Without a good understanding of our planet’s diversity, it’s difficult to understand the many cultures and people that inhabit it.
Virtual travel helps young people experience life outside of their hometown. To see the beauty and variety that exists throughout our world.
Ideally, you could show your children the world by traveling together to faraway lands, taking them on tours through famous museums, and introducing them to how people from other countries live.
You can also do all of those things using virtual tours with a VR headset.
Most American's Have Little Vacation Time to Enjoy
In an Expedia poll in 2023, 65% of US respondents felt vacation deprived, the highest rate in the last ten years. In 2022, the average number of vacation days American workers took was 8.5. One-quarter of Americans report not taking one vacation day all year. If you can’t get away for a real full-time vacation, you can still take short virtual vacations whenever you like.

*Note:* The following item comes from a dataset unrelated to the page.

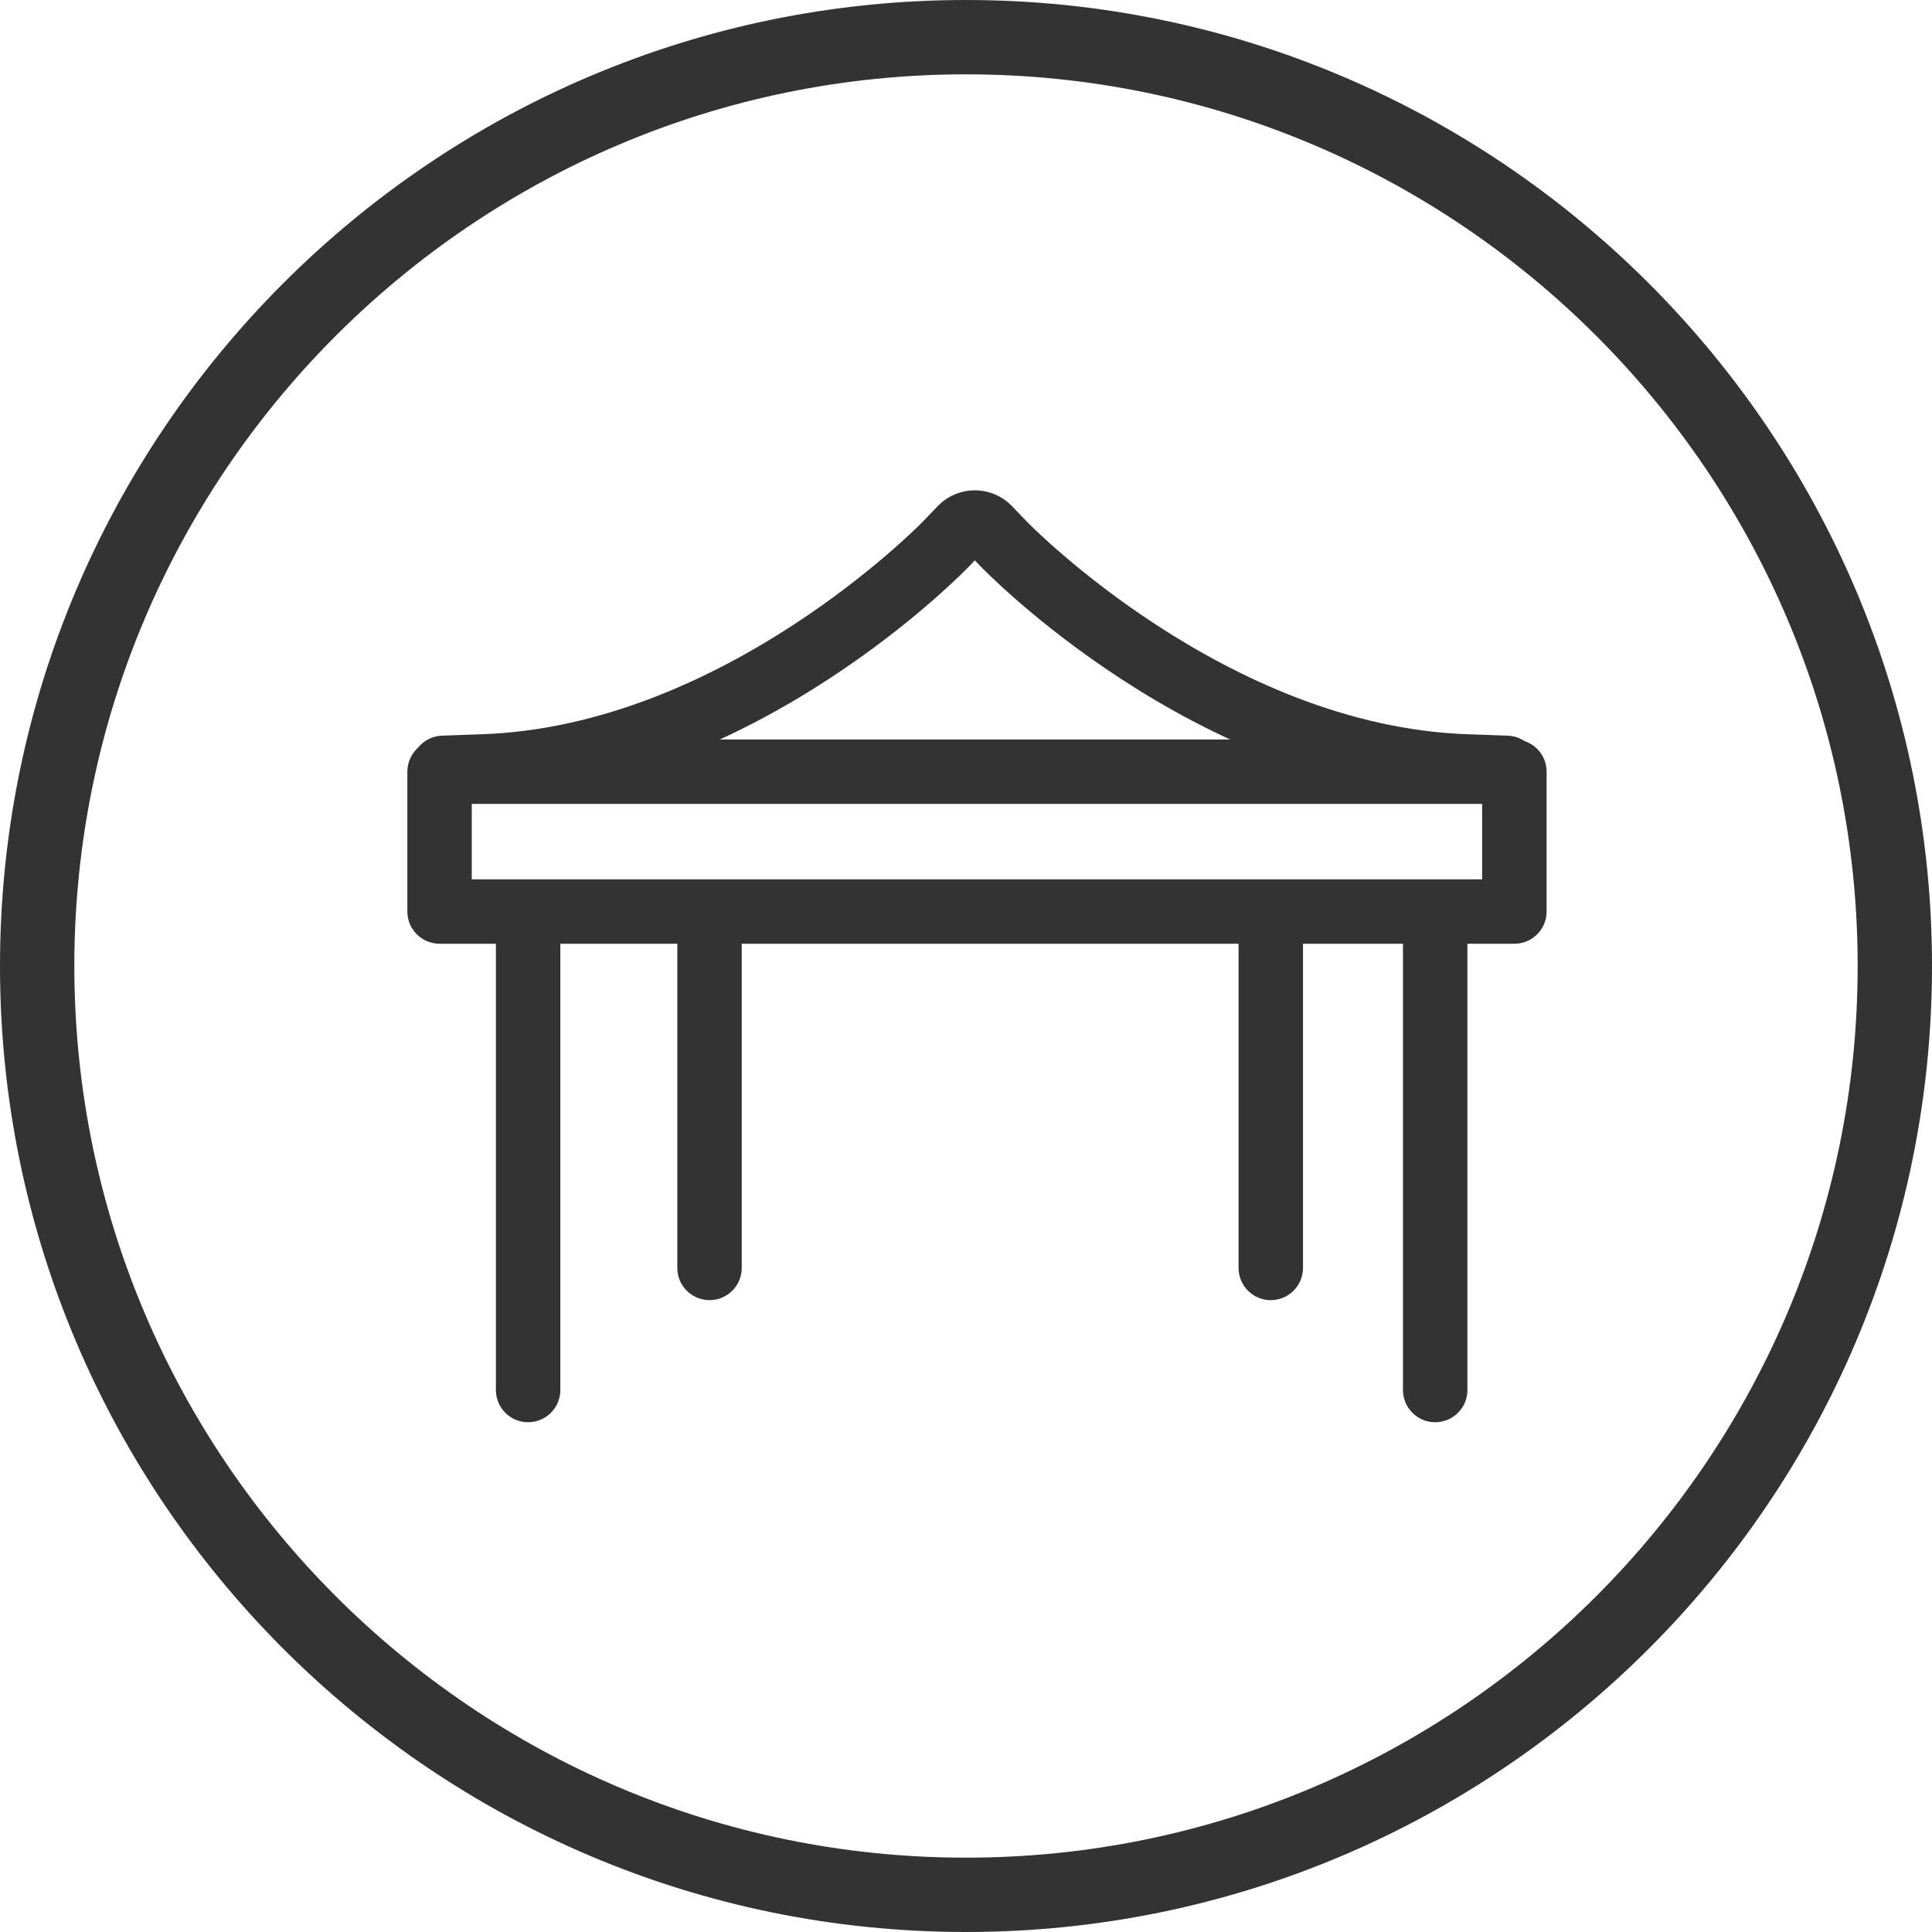 <?xml version="1.0" encoding="UTF-8"?><svg id="uuid-fee7328c-f985-4c07-9d07-2fb8be0d22e7" xmlns="http://www.w3.org/2000/svg" viewBox="0 0 40 40"><rect x="8.108" y="8.474" width="22.649" height="22.649" style="fill:none; stroke-width:0px;"/><path d="m14.69,26.918c-.368,0-.667-.298-.667-.667v-7.156c0-.368.298-.667.667-.667s.667.298.667.667v7.156c0,.368-.298.667-.667.667Z" style="fill:#333; stroke-width:0px;"/><path d="m10.934,29.446c-.368,0-.667-.298-.667-.667v-9.684c0-.368.298-.667.667-.667s.667.298.667.667v9.684c0,.368-.298.667-.667.667Z" style="fill:#333; stroke-width:0px;"/><path d="m26.31,26.918c-.368,0-.667-.298-.667-.667v-7.156c0-.368.298-.667.667-.667s.667.298.667.667v7.156c0,.368-.298.667-.667.667Z" style="fill:#333; stroke-width:0px;"/><path d="m29.714,29.446c-.368,0-.667-.298-.667-.667v-9.684c0-.368.298-.667.667-.667s.667.298.667.667v9.684c0,.368-.298.667-.667.667Z" style="fill:#333; stroke-width:0px;"/><path d="m31.353,19.539H9.101c-.368,0-.667-.298-.667-.667v-2.895c0-.368.298-.667.667-.667h22.253c.368,0,.667.298.667.667v2.895c0,.368-.298.667-.667.667Zm-21.586-1.333h20.919v-1.562H9.767v1.562Z" style="fill:#333; stroke-width:0px;"/><path d="m31.192,16.563c-.008,0-.016-0-.024-0l-.815-.029c-5.61-.185-10.018-4.773-10.062-4.819l-.108-.113-.11.115c-.041.043-4.433,4.631-10.061,4.817l-.813.029c-.37.012-.677-.275-.69-.642-.013-.368.275-.677.642-.69l.815-.029c5.011-.165,9.102-4.363,9.143-4.405l.298-.311c.206-.215.482-.334.776-.334h0c.295 0.0.57.119.776.334l.297.31c.041.043,4.133,4.241,9.142,4.406l.817.029c.368.013.656.322.642.69-.013.36-.309.643-.666.643Z" style="fill:#333; stroke-width:0px;"/><path d="m20,40C8.972,40,0,31.028,0,20S8.972,0,20,0s20,8.972,20,20-8.972,20-20,20Zm0-38.461C9.82,1.539,1.539,9.82,1.539,20s8.281,18.461,18.461,18.461,18.461-8.281,18.461-18.461S30.18,1.539,20,1.539Z" style="fill:#333; stroke-width:0px;"/></svg>

The change of scenery, whether through real or virtual travel, stimulates parts of your brain that trigger creative thought. Exposure to novel sights and sounds creates new neural pathways in the brain, and these new pathways can bring a fresh perspective to your day-to-day challenges.
Where can I find resources for virtual travel?
Today’s technology provides thousands of different ways to see the world without leaving our homes. From Webcams that stream various interesting sites to the use of indoor and outdoor Google Earth-type apps, it isn’t hard to explore any place you can think of by searching the internet.
One of the newest and most exciting options for virtual travel is 180- and 360-degree videos. These videos provide an immersive travel experience, especially when viewed using a virtual reality headset.